NRC Counts and Ratios
sentiment	ham_count	spam_count	ham_ratio	spam_ratio
anger	690	192	0.0455175	0.0518359
anticipation	2146	734	0.1415661	0.1981641
disgust	534	32	0.0352266	0.0086393
fear	918	228	0.0605581	0.0615551
joy	1879	444	0.1239528	0.1198704
negative	1788	298	0.1179497	0.0804536
positive	3275	951	0.2160433	0.2567495
sadness	936	91	0.0617455	0.0245680
surprise	1075	295	0.0709150	0.0796436
trust	1918	439	0.1265255	0.1185205

loughran_count <- loughran_count %>% mutate(ham_ratio = ham_count/ham_l_sum)
loughran_count  <- loughran_count %>% mutate(spam_ratio = spam_count/spam_l_sum)
loughran_count %>% kbl(caption = "Loughran Counts and Ratios") %>%
  kable_styling(bootstrap_options = "striped")

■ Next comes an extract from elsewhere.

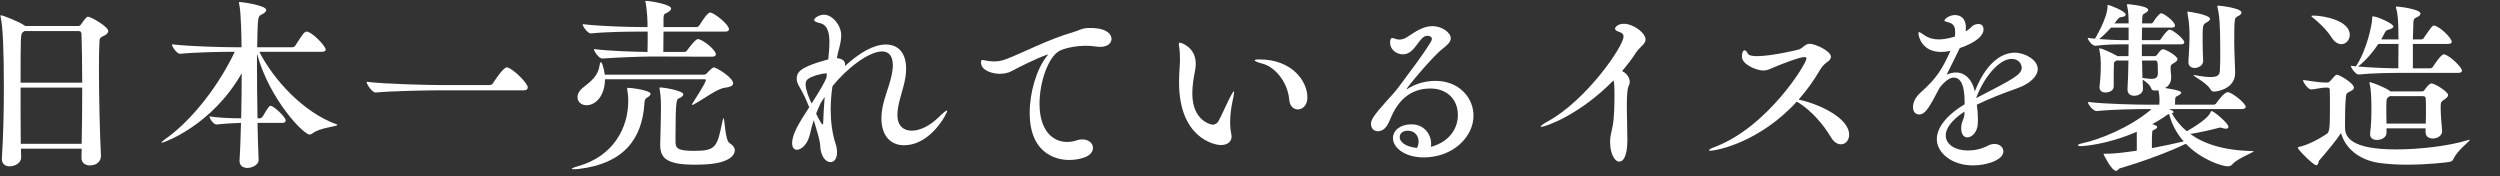 <svg enable-background="new 0 0 440 31" height="31" viewBox="0 0 440 31" width="440" xmlns="http://www.w3.org/2000/svg"><rect x="0" y="0" width="440" height="31" fill="#333333" stroke="none"/><g fill="#fff"><path d="m19.046 5.466c0 .352-.32.64-.832.864-.544.256-.672.384-.704.896-.064 1.088-.096 2.848-.096 4.96 0 4.768.16 11.263.352 15.23v.064c0 .832-.672 1.632-1.952 1.632-.768 0-1.472-.416-1.472-1.312v-.031c0-.513.032-1.057.032-1.601h-10.687c0 .544.032 1.024.032 1.536v.032c0 .928-1.056 1.536-2.016 1.536-.736 0-1.375-.385-1.375-1.28v-.16c.256-3.808.352-8.319.352-12.447 0-6.304-.16-10.655-.576-12.447 0-.063-.032-.128-.032-.159 0-.064.032-.097.096-.097.256 0 3.136 1.088 4.128 1.792l.128.096h9.375c.16 0 .32-.063.416-.224.832-1.184 1.056-1.408 1.312-1.408.383 0 3.519 1.696 3.519 2.528zm-4.704.544c0-.384-.192-.544-.512-.544h-9.535l-.256.192c-.416.287-.416.479-.416 8.895h10.847c0-3.488-.064-6.591-.128-8.543zm-10.719 9.407c0 3.2 0 6.752.032 9.888h10.719c.064-3.136.096-6.656.096-9.888z"/><path d="m45.517 28.12c0 1.088-1.472 1.439-1.952 1.439-.736 0-1.408-.352-1.408-1.247v-.129c.128-1.823.192-4.127.256-6.559-1.28.031-3.232.159-4.256.287-.736 0-1.312-1.247-1.312-1.439 1.152.224 3.616.352 5.6.352.064-2.623.096-5.407.096-7.935-5.248 9.247-13.759 12.223-14.015 12.223-.064 0-.096-.032-.096-.064 0-.063.224-.256.608-.544 3.52-2.399 8.671-7.871 12.287-15.391h-.224c-1.792 0-6.527.064-9.375.353h-.032c-.576 0-1.44-1.248-1.44-1.664 3.296.384 9.12.512 10.975.512h1.28c0-1.12-.064-6.207-.416-7.615-.032-.128-.032-.192-.032-.256s0-.097.096-.097c.448 0 4.704.608 4.704 1.408 0 .256-.32.576-.864.832-.608.288-.64.352-.736 5.728h6.176c.224 0 .448-.128.544-.288 1.312-2.08 1.6-2.464 2.016-2.464.064 0 .128 0 .192.032 1.088.384 3.136 2.56 3.136 3.136 0 .192-.16.384-.704.384h-10.976c2.4 4.736 7.615 10.623 13.599 12.768.096.031.16.063.16.096 0 .288-3.136.479-4.352 1.472-.192.128-.384.225-.576.225-1.056 0-7.071-6.208-9.247-14.239v1.92c0 2.911.032 6.271.096 9.471h.32c.256 0 .448-.128.608-.352.32-.48.768-1.376 1.152-1.76.064-.064.16-.096.224-.096.512 0 2.656 1.951 2.656 2.592 0 .224-.16.416-.64.416h-4.32c.032 2.304.128 4.575.192 6.463z"/><path d="m92.889 15.385c0 .256-.16.512-.736.512h-14.783c-1.824 0-8.288.097-11.231.385h-.032c-.608 0-1.6-1.473-1.6-1.888 3.392.415 11.071.575 12.991.575h8.671c.224 0 .48-.128.576-.288.064-.128 1.792-2.815 2.432-2.815.096 0 .16 0 .224.032 1.12.383 3.488 2.783 3.488 3.487z"/><path d="m114.506 16.537c0 .191-.224.416-.608.64-.32.192-.448.353-.48.992-.384 6.399-3.776 10.623-11.456 11.551-.448.064-.768.064-.992.064s-.352-.032-.352-.064c0-.096.448-.288 1.152-.479 6.304-1.792 8.768-6.848 8.799-11.359 0-1.056-.064-1.472-.192-2.208v-.063c0-.128.064-.16.16-.16.418-.002 3.969.414 3.969 1.086zm14.527-1.856c0 .385-.448.641-1.504.769-1.312.16-3.776 2.048-5.408 2.911-.128.064-.224.097-.288.097-.032 0-.064 0-.064-.064 0-.032.032-.096.128-.224.128-.224 2.336-3.584 2.336-4.063 0-.128-.128-.16-.224-.16h-17.535c0 2.815-1.568 4.575-3.264 4.575-.896 0-1.568-.607-1.568-1.407 0-.576.32-1.217 1.088-1.792 1.504-1.152 2.528-2.112 2.784-3.744.064-.416.16-.64.256-.64.064 0 .16.16.288.479.192.608.32 1.185.384 1.729h17.438c.128 0 .416-.097.512-.225s.928-1.056 1.248-1.056c.418-.001 3.393 1.759 3.393 2.815zm-.736-9.535c0 .225-.128.416-.672.416h-10.848c0 1.28-.032 2.752-.032 3.584h3.712c.192 0 .384-.128.48-.288.256-.352 1.472-1.983 1.888-1.983.736 0 3.167 1.855 3.167 2.688 0 .224-.16.416-.672.416l-10.59-.034c-1.728 0-6.047.16-8.735.353h-.032c-.544 0-1.44-1.28-1.44-1.664 2.688.352 7.135.479 9.439.512.032-.864.032-2.399.032-3.584h-1.312c-1.76 0-5.983.032-8.671.32h-.032c-.544 0-1.44-1.248-1.44-1.632 3.104.384 8.447.512 10.271.512h1.152v-.737c-.032-1.279-.16-2.592-.32-3.52-.032-.16-.064-.256-.064-.288 0-.031.032-.063.064-.063.864 0 4.48.64 4.48 1.344 0 .224-.224.479-.704.736-.416.224-.608.159-.64.896v1.632h5.792c.192 0 .416-.128.512-.288.672-1.088 1.504-2.271 1.888-2.271.672-.001 3.327 2.079 3.327 2.943zm1.024 21.31c0 .608-.448 1.184-1.216 1.6-.704.385-1.632.641-2.784.769-1.024.128-2.08.16-3.04.16-5.056 0-6.08-1.216-6.08-3.488v-.128c.064-2.56.128-5.216.128-6.079 0-1.088 0-2.336-.224-3.584-.032-.096-.032-.16-.032-.224s.032-.097.16-.097c.576 0 4.032.576 4.032 1.216 0 .256-.32.544-.832.736-.32.128-.544.256-.544 6.655v.896c0 1.151.256 1.663 3.264 1.663 3.904 0 4.063-.672 5.023-5.312.064-.319.128-.447.16-.447.224 0 .256 3.903 1.056 4.384.641.385.929.832.929 1.28z"/><path d="m159.095 25.561c-2.176 0-3.968-1.473-3.968-4.768 0-.32.032-.672.064-1.024.224-2.176 1.248-4.287 1.728-6.495.128-.672.224-1.248.224-1.76 0-1.568-.64-2.464-1.888-2.464-2.368 0-6.24 3.008-8.735 6.111-.16.928-.32 2.592-.32 4.096 0 2.08.256 4.191.864 6.048.192.575.256 1.088.256 1.535 0 1.12-.544 1.696-1.152 1.696-.832 0-1.76-.992-1.824-3.04-.032-.768-.64-2.783-1.12-4.352-.256.768-.48 1.568-.672 2.464-.384 1.76-1.504 2.752-2.304 2.752-.48 0-.832-.384-.832-1.152 0-1.632 1.216-3.583 3.008-6.335-.64-1.536-.96-2.304-1.76-3.648-.32-.544-.448-.991-.448-1.407 0-.608.256-1.088.704-1.44 1.28-1.056 4.863-1.92 4.863-1.92v-.096c.064-.8.192-1.824.192-2.815 0-1.12-.032-3.136-1.696-3.488-.704-.16-.992-.352-.992-.544 0-.319.864-.928 1.728-.928 1.536 0 3.04 1.92 3.04 3.616 0 .672-.128 1.407-.352 2.239-.16.608-.32 1.216-.416 1.792 1.056.096 1.44.544 1.44 1.088 0 .096 0 .224-.032.32 2.688-2.464 5.12-3.808 7.231-3.808 2.144 0 3.552 1.472 3.552 4.224 0 .447-.032.896-.096 1.376-.32 2.239-1.344 4.415-1.44 6.591v.225c0 1.855 1.056 2.751 2.528 2.751 1.376 0 3.136-.8 4.736-2.367.864-.864 1.312-1.185 1.44-1.185.032 0 .064 0 .064.064 0 .383-2.848 6.048-7.615 6.048zm-13.663-12.64c-.032 0-.032 0-.064 0-.832 0-2.56.513-3.168.992-.288.192-.416.544-.416.96 0 .928.64 2.464 1.056 3.359 1.728-2.72 2.24-3.68 2.624-4.575l.064-.736zm-.96 5.152c-.288.607-.576 1.247-.832 1.919.032.097.896 1.92 1.152 1.92.064 0 .096-.159.096-.479.032-1.216.128-2.784.256-4.384-.225.351-.449.672-.672 1.024z"/><path d="m195.628 6.842c0 .735-.672 1.408-2.016 1.408-.224 0-.479-.032-.736-.064-.576-.096-1.152-.128-1.728-.128-2.048 0-3.936.479-4.736.928-1.92 1.088-3.456 5.439-3.456 9.279 0 4.735 2.335 6.72 4.863 6.72.544 0 1.12-.096 1.696-.288.352-.128.672-.16.992-.16 1.12 0 1.856.704 1.856 1.472 0 1.761-2.848 2.145-4.224 2.145-1.312 0-6.912-.416-6.912-8.288 0-3.583 1.184-7.647 2.976-9.919.128-.16.256-.288.256-.352 0 0 0 0-.032 0-.16 0-2.304.768-6.432 2.943-.576.32-1.312.448-2.048.448-1.184 0-3.295-.512-3.295-2.016 0-.32.096-.416.288-.416.16 0 .416.096.672.128.416.063.864.128 1.312.128.672 0 1.408-.097 2.272-.448 2.88-1.088 7.231-3.424 11.775-4.735.928-.256 1.376-.672 2.656-.704h.256c3.01-.001 3.745 1.182 3.745 1.919z"/><path d="m216.503 21.561c0 .16 0 .992.192 1.983.032.16.064.32.064.48 0 .896-.672 1.504-1.92 1.504-1.024 0-7.327-1.184-7.327-11.039 0-.992.064-2.016.128-3.008.032-.353.032-.736.032-1.12 0-.704-.032-1.376-.096-1.824-.064-.319-.096-.575-.096-.768 0-.16.032-.256.192-.256.224 0 2.784.8 2.784 3.712 0 .479-.064.96-.16 1.407-.224 1.12-.448 2.464-.448 3.809 0 4.927 3.392 5.503 3.583 5.503.512 0 .864-.352.992-.576.608-1.088 1.344-2.815 1.92-3.968.448-.896.704-1.312.8-1.312.032 0 .064.064.064.16 0 .224-.096.736-.256 1.439-.288 1.314-.448 2.625-.448 3.874zm13.599-4.416c0 1.408-.864 2.112-1.664 2.112-.736 0-1.44-.544-1.536-1.696-.256-3.167-2.56-5.823-4.736-6.367-.832-.224-1.344-.416-1.344-.576 0-.096.256-.16.832-.16 5.792-.001 8.448 3.871 8.448 6.687z"/><path d="m259.337 20.345c0 3.775-3.648 7.359-8.768 7.359-3.392 0-5.408-1.76-5.408-3.392 0-1.408 1.344-2.432 3.264-2.432 2.24 0 3.456 1.76 3.456 3.424 0 .191 0 .352-.032.544 3.456-.96 4.736-3.424 4.736-5.6 0-2.912-2.08-4.672-4.832-4.672-2.176 0-5.12.8-6.943 5.088-.512 1.312-1.088 2.432-2.304 2.432-.704 0-1.216-.512-1.216-1.28 0-.672.352-1.376 2.72-4 1.056-1.151 1.664-1.791 2.656-3.167 1.024-1.44 3.68-4.8 5.184-7.328.096-.191.16-.319.16-.479 0-.353-.352-.544-.8-.544-1.504 0-2.08 3.264-4.288 3.264-1.152 0-2.272-.832-2.272-2.08 0-.544.192-.8.352-.8s.32.064.608.16c.224.063.448.128.672.128.448 0 .928-.16 1.376-.448 1.6-1.056 2.88-1.92 4.479-1.92 1.632 0 3.2 1.12 3.2 2.145 0 .735-.832 1.344-1.504 1.888-1.76 1.376-6.496 7.071-6.271 7.071.032 0 .064 0 .16-.064 1.376-.896 3.136-1.407 4.896-1.407 4.256-.002 6.719 3.037 6.719 6.11zm-9.663 4.575c0-1.023-.704-1.92-1.888-1.92-.736 0-1.44.353-1.44 1.152s.96 1.664 3.04 1.888c.192-.352.288-.735.288-1.12z"/><path d="m271.252 22.328c-.064 0-.096-.031-.096-.063 0-.128.448-.448 1.184-.864 6.815-3.68 13.407-13.247 13.407-14.975 0-.353-.192-.64-.736-.8s-.768-.384-.768-.576c0-.256.512-.864 1.536-.864 1.696 0 3.84 1.601 3.84 2.784 0 .8-.992 1.248-1.696 2.304-.672 1.056-1.504 2.144-2.432 3.231.768.385 1.344 1.12 1.344 1.92 0 .225-.064.48-.192.704-.256.512-.32 1.92-.32 3.552 0 2.016.096 4.384.096 5.888 0 2.464-.512 3.872-1.44 3.872-.832 0-1.6-1.473-1.6-3.424 0-.672 0-.8.448-2.816.288-1.439.32-3.968.32-5.695 0-1.023 0-1.6-.16-2.368-6.047 6.174-12.063 8.19-12.735 8.19z"/><path d="m316.234 17.881c-6.496 7.136-14.079 8.64-15.199 8.64-.16 0-.256-.032-.256-.097 0-.096.288-.287 1.056-.575 9.248-3.488 16.095-14.623 16.095-15.52 0-.191-.096-.288-.352-.288-.928 0-4.319 1.376-4.959 1.632-.928.385-1.504.736-2.304.736-1.184 0-3.744-1.088-3.744-2.432 0-.769.224-1.12.48-1.12.16 0 .384.192.544.544.16.353.768.48 1.632.48 2.528 0 7.167-1.088 7.423-1.185.704-.288 1.088-.992 1.856-.992.928 0 3.744 1.248 3.744 2.305 0 .319-.256.64-.769.991-.448.32-.832.769-1.184 1.345-1.088 1.888-2.368 3.615-3.744 5.184l.416.096c3.328.768 8.479 3.168 8.479 6.079 0 .992-.64 1.696-1.439 1.696-.608 0-1.28-.384-1.824-1.344-1.248-2.112-3.359-4.544-5.536-5.92z"/><path d="m358.64 12.153c0 1.248-1.312 2.56-3.552 3.359-2.271.8-5.023 1.856-7.168 2.912.129.8.192 1.632.192 2.496 0 .319 0 .672-.032.991-.096 1.376-1.056 2.272-1.824 2.272-.575 0-1.088-.48-1.088-1.664 0-.128.033-.256.033-.416.063-.768.543-1.216.543-2.144v-.32c-2.336 1.536-3.295 3.008-3.295 4.191 0 1.568 1.631 2.656 3.903 2.656 1.151 0 2.399-.256 3.552-.864.416-.224.8-.288 1.152-.288.896 0 1.535.608 1.535 1.312 0 1.504-2.879 2.464-5.344 2.464-3.871 0-6.367-2.336-6.367-4.608 0-1.919 1.535-4.127 4.896-6.144 0-1.439 0-4.703-1.92-4.703-.64 0-1.472.512-2.464 1.76-1.824 3.456-2.527 4.735-3.615 4.735-.256 0-1.088-.128-1.088-1.279 0-.704.287-1.664 1.375-2.624 2.912-2.56 3.872-4.319 5.217-7.296-.576.128-1.088.192-1.633.192-3.295 0-4-2.592-4-3.296 0-.128.033-.191.129-.191.128 0 .416.191.832.479.896.64 1.791.8 2.623.8.608 0 1.44-.096 2.816-.479.064-.32.064-.608.064-.832 0-.672-.129-1.44-1.185-1.696-.384-.096-.704-.16-.704-.32 0-.256.864-.959 1.824-.959 1.472 0 1.951 1.119 1.951 2.176 0 .224-.031.447-.063.672.704-.256 1.12-.96 1.536-1.12.256-.096.512-.16.736-.16.895 0 .895.864.895.96 0 1.056-1.184 2.24-4.191 3.296 0 0-1.664 3.456-2.303 4.672.575-.256 1.119-.385 1.631-.385 1.664 0 2.912 1.312 3.328 3.328 1.92-4.863 4.576-6.815 7.039-6.815 1.73 0 4.034 1.216 4.034 2.88zm-4.576-1.792c-2.368 0-5.057 3.584-6.271 6.911 6.783-3.487 8.031-4.159 8.031-5.407 0-.416-.416-1.504-1.76-1.504z"/><path d="m396.648 26.616c0 .224-2.879 1.248-3.743 2.304-.192.256-.513.353-.832.353-.96 0-4.671-1.152-7.359-3.968-3.008 1.439-7.552 3.136-11.615 4.319-.256.063-.384.448-.672.448-.8 0-2.208-2.912-2.208-2.944 0-.063.064-.063.191-.063 1.889 0 3.36-.225 5.664-.544v-3.328c-5.375 2.336-9.631 2.528-9.791 2.528-.352 0-.576-.064-.576-.16 0-.097.225-.225.672-.32 3.328-.704 8.447-2.848 11.967-5.76l.289-.288h-.672c-1.76 0-6.112.064-8.96.353h-.032c-.576 0-1.504-1.185-1.504-1.6 3.264.384 8.832.479 10.655.479h1.92c0-.352.032-.672.032-.928 0-.544-.064-1.088-.191-1.601-.129.032-.289.032-.416.032h-.256c-.289 0-.48-.063-.609-.384-.256-.704-1.023-1.216-1.503-1.536l.063 1.601v.031c0 .801-.832 1.216-1.535 1.216-.608 0-1.185-.319-1.185-1.088v-.096c.097-1.408.128-3.231.16-5.023h-2.112l-.127.096c-.32.192-.32.225-.32.704-.032.704-.032 1.664-.032 2.592v1.152c0 .96-1.151 1.088-1.472 1.088-.544 0-1.023-.288-1.023-.896v-.16c.191-1.567.223-2.815.223-4.063 0-.479-.031-1.376-.256-2.399 0-.064-.031-.097-.031-.128 0-.097.064-.128.128-.128.384 0 2.592 1.056 2.944 1.279l.127.097h1.952c0-.704.032-1.44.032-2.08h-1.057c-1.119 0-3.039.032-4.799.256h-.032c-.479 0-1.312-.992-1.312-1.408.416.064.832.128 1.279.16 0 0 2.208-3.615 2.208-5.695 0-.16 0-.256.097-.256.127 0 3.104 1.056 3.104 1.728 0 .192-.289.384-.736.416-.416.032-.416.063-1.248 1.12h2.496c0-1.088-.032-2.08-.256-3.072-.032-.096-.032-.16-.032-.224s.032-.096.096-.096c.128 0 3.647.287 3.647 1.023 0 .192-.224.384-.576.576-.319.16-.447.16-.479.864 0 .287-.032.607-.032.928h1.6c.097 0 .257-.064.353-.225.479-.8 1.151-1.567 1.408-1.567.448 0 2.432 1.439 2.432 2.176 0 .192-.128.352-.576.352h-5.216c0 .672-.031 1.44-.031 2.208h3.039c.096 0 .256-.096.353-.256.224-.384 1.12-1.6 1.472-1.6.544 0 2.592 1.632 2.592 2.239 0 .192-.128.353-.576.353h-6.879v2.08h2.271c.128 0 .256-.064.384-.225.513-.672.736-.992 1.056-.992.48 0 2.561 1.185 2.561 1.761 0 .191-.16.384-.545.607-.672.416-.672.416-.672 1.12 0 .384.064.864.097 1.216v.256c0 1.184-.704 1.664-1.088 1.856 2.624.415 2.848.64 2.848.831 0 .192-.288.385-.544.513-.447.224-.48.224-.512.672 0 .191-.032.512-.032.928h6.751c.225 0 .416-.096.513-.256.288-.416 1.407-1.952 2.016-1.952.735 0 3.168 1.952 3.168 2.592 0 .192-.16.384-.736.384h-12.831c.544.16.864.353.864.513 0 .128-.128.191-.288.256.607 1.088 1.472 2.176 2.624 3.136 3.2-1.824 3.999-2.88 4.159-3.296.064-.192.129-.256.225-.256.32 0 2.943 2.111 2.943 2.783 0 .192-.16.32-.447.32-.16 0-.353-.032-.545-.096-.16-.032-.287-.097-.447-.097-.064 0-.129 0-.225.032-1.023.288-3.392.832-5.055 1.088 2.335 1.696 5.791 2.912 11.006 3.008.092-.001.155-.001.155.031zm-22.013-21.759h-3.104c-.641.736-1.377 1.473-2.08 2.017 1.6.128 3.168.191 3.967.191h1.217zm4.672 5.792h-2.305l.064 3.071h.096c.608.097 1.088.16 1.473.16.768 0 1.119-.224 1.151-.896 0-2.239-.063-2.335-.479-2.335zm2.463 9.408c-.287.064-.416.224-.896.544-.672.448-1.376.864-2.079 1.248l.447.16c.288.096.416.224.416.352 0 .192-.225.353-.544.48-.384.128-.384.128-.384 3.231 2.048-.384 3.967-.8 5.6-1.184-1.217-1.375-2.112-3.039-2.56-4.831zm7.2-16.735c0 .224-.288.447-.64.64-.641.384-.672.384-.672 3.328 0 1.279.063 2.56.096 3.392v.031c0 .832-.864 1.248-1.504 1.248-.576 0-1.088-.319-1.088-1.056v-.128c.096-1.504.191-3.04.191-4.512 0-.704 0-2.048-.352-3.936 0-.064-.032-.128-.032-.192 0-.063.032-.096.128-.096s3.873.545 3.873 1.281zm5.535-1.12c0 .256-.288.512-.735.704-.48.256-.545.288-.545 4.352 0 .512 0 1.312.16 5.503v.064c0 2.912-3.359 3.296-3.711 3.296-.32 0-.48-.128-.704-.512-.704-1.088-2.912-2.176-2.912-2.368 0-.032.032-.032.097-.032.031 0 .127 0 .224.032 1.216.224 2.112.32 2.72.32 1.312 0 1.568-.448 1.6-1.152.064-.96.064-2.208.064-3.456 0-4.543-.129-6.144-.48-7.647-.031-.096-.031-.159-.031-.191 0-.064.031-.128.127-.128.35-.001 4.126.447 4.126 1.215z"/><path d="m434.613 24.601c.032 0 .064.032.064.032 0 .256-2.08 1.695-2.848 3.295-.16.353-.288.48-.801.576-.287.064-3.68.48-7.391.48-1.664 0-3.393-.097-4.96-.32-3.616-.544-5.951-2.688-6.655-5.248-.8 1.248-2.624 3.424-3.871 4.864-.097.128-.129.8-.48.8-.544 0-3.264-2.784-3.264-3.072 0-.063.064-.128.224-.159 1.344-.257 3.392-1.28 4.896-2.305.544-.319.544-1.312.544-5.919 0-.832-.032-1.504-.032-1.856 0-.224-.16-.352-.383-.352h-.416c-.545 0-1.856.288-2.465.32h-.031c-.512 0-1.408-1.216-1.408-1.664 1.056.16 3.039.448 3.84.448h.447c.192 0 .385-.128.513-.288.735-.832.96-1.088 1.151-1.088.448 0 3.008 1.504 3.008 2.271 0 .256-.224.448-.543.608-.545.287-.801.287-.865.991-.127 1.152-.159 2.816-.159 4.256v1.216c0 1.632 1.088 3.808 8.927 3.808 4.032 0 9.119-.544 12.703-1.632.128-.03.224-.062.255-.062zm-21.054-18.463c0 .896-.672 1.632-1.471 1.632-.576 0-1.217-.352-1.76-1.216-.896-1.408-2.336-2.72-3.2-3.392-.224-.16-.32-.288-.32-.32 0-.096.16-.096.479-.096 1.729.032 6.272.863 6.272 3.392zm19.743 6.303c0 .191-.128.384-.672.384h-10.079c-1.6 0-4.992.032-7.424.288h-.031c-.48 0-1.344-1.152-1.344-1.536l.895.096c1.92-2.879 2.849-7.391 2.849-8.383v-.128c0-.288.128-.288.159-.288.641 0 3.584 1.248 3.584 1.792 0 .224-.319.416-.928.576-.287.063-.447.224-.607.544-.192.384-.385.768-.608 1.151h3.04c0-.832-.032-1.567-.032-1.952-.032-.831-.032-2.399-.384-3.52-.032-.096-.032-.191-.032-.224 0-.096.032-.096.097-.096.352 0 4.223.447 4.223 1.247 0 .225-.224.448-.575.608-.479.224-.64.32-.673.864l-.096 3.071h1.473c.16 0 .352-.096.447-.256 1.376-1.983 1.504-2.176 1.792-2.176.097 0 .16.032.224.032 1.377.544 2.912 2.336 2.912 2.815 0 .192-.16.384-.672.384h-6.176v4.288h3.04c.16 0 .384-.096.479-.256.129-.192 1.408-2.208 1.92-2.208.097 0 .16.032.225.032 1.086.42 2.974 2.275 2.974 2.851zm-14.719-4.704c-.992 1.504-2.208 2.88-3.327 3.776l-.257.191c2.464.225 5.472.32 7.104.32 0-1.088.032-2.784.032-4.288h-3.552zm12.287 8.992c0 .257-.224.48-.64.769-.641.416-.672.512-.672 1.472 0 1.088.127 2.624.256 4.031v.097c0 .735-.768 1.279-1.664 1.279-.641 0-1.248-.352-1.248-1.088v-.703h-6.879v.8c0 .8-.896 1.248-1.664 1.248-.641 0-1.217-.288-1.217-.992v-.192c.192-1.536.225-2.976.225-4.256 0-1.792-.032-3.327-.32-4.479-.031-.063-.031-.128-.031-.16 0-.063.031-.096.063-.096.256 0 2.528.832 3.52 1.536l.097.096h5.6c.127 0 .287-.063.416-.256.031-.032.768-1.152 1.215-1.152.607-.002 2.943 1.47 2.943 2.046zm-3.903 2.496c0-.607 0-1.216-.033-1.824 0-.319-.127-.479-.512-.479h-5.823l-.256.192c-.353.224-.353.384-.353 2.592 0 .672.033 1.344.033 2.048h6.91c.034-.865.034-1.697.034-2.529z"/></g><path d="m0 0h440v31h-440z" fill="none"/></svg>

Loughran Counts and Ratios
sentiment	ham_count	spam_count	ham_ratio	spam_ratio
constraining	23	1	0.0117467	0.0021322
litigious	67	122	0.0342186	0.2601279
negative	789	126	0.4029622	0.2686567
positive	758	193	0.3871297	0.4115139
superfluous	1	NA	0.0005107	NA
uncertainty	320	27	0.1634321	0.0575693

row.names(bing_count) <- c("negative", "positive")
bing_ratio <- bing_count[c("ham_ratio", "spam_ratio")]
bing_only_count <- bing_count[c("ham_count", "spam_count")]

fisher.test(bing_only_count)

## 
##  Fisher's Exact Test for Count Data
## 
## data:  bing_only_count
## p-value < 2.2e-16
## alternative hypothesis: true odds ratio is not equal to 1
## 95 percent confidence interval:
##  2.701286 3.849601
## sample estimates:
## odds ratio 
##   3.218312

chisq.test(bing_only_count)

## 
##  Pearson's Chi-squared test with Yates' continuity correction
## 
## data:  bing_only_count
## X-squared = 187.84, df = 1, p-value < 2.2e-16

row.names(nrc_count) <- c("anger", "anticipation", "disgust", "fear", "joy", "negative", "positive", "sadness", "surprise", "trust")
nrc_only_count <- nrc_count[c("ham_count", "spam_count")]
nrc_ratio <- nrc_count[c("ham_ratio", "spam_ratio")]
chisq.test(nrc_only_count)

## 
##  Pearson's Chi-squared test
## 
## data:  nrc_only_count
## X-squared = 275.65, df = 9, p-value < 2.2e-16

row.names(loughran_count) <- c("contraining", "litigious", "negative", "positive", "superfluous", "uncertainty")
loughran_count[is.na(loughran_count)] = 0
loughran_only_count <- loughran_count[c("ham_count", "spam_count")]
loughran_ratio <- loughran_count[c("ham_ratio", "spam_ratio")]

chisq.test(loughran_only_count)

## Warning in chisq.test(loughran_only_count): Chi-squared approximation may be
## incorrect

## 
##  Pearson's Chi-squared test
## 
## data:  loughran_only_count
## X-squared = 300.08, df = 5, p-value < 2.2e-16

Conclusions

The p values for each chi-square test was less than .05, meaning that the difference in sentiment between ham and spam SMS messages was statistically significant.